■ **Work request**:
An exact transcription of all the records is required, minus the images.

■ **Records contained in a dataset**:
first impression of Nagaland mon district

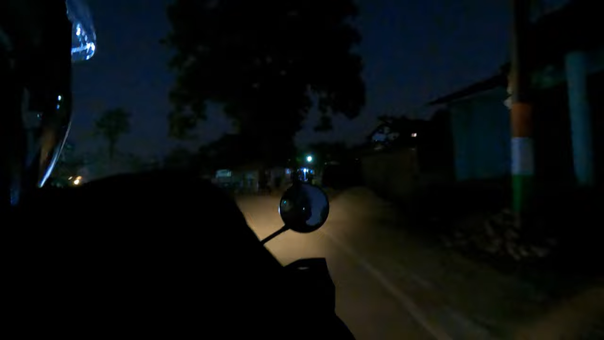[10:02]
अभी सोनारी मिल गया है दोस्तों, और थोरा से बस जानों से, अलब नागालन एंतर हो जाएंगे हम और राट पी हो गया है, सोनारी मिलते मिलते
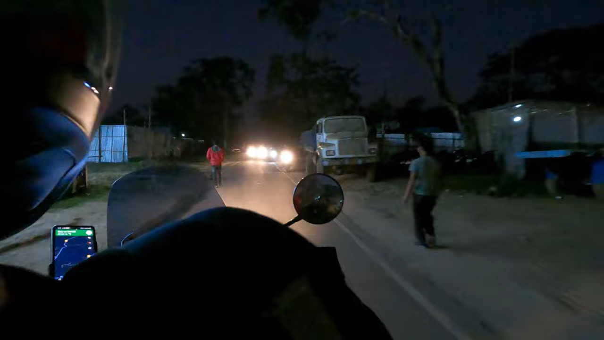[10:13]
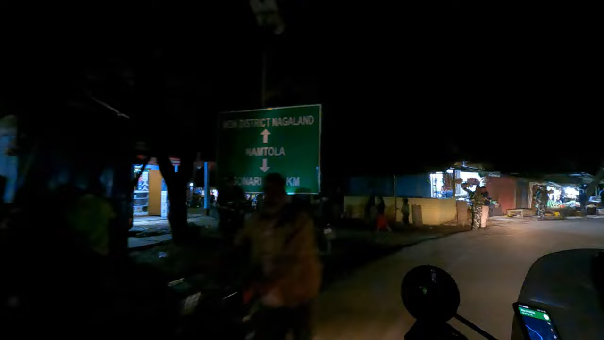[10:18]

■ **Solution to this exercise**:
first impression of Nagaland mon district

[10:02]
अभी सोनारी मिल गया है दोस्तों, और थोरा से बस जानों से, अलब नागालन एंतर हो जाएंगे हम और राट पी हो गया है, सोनारी मिलते मिलते
[10:13]
[10:18]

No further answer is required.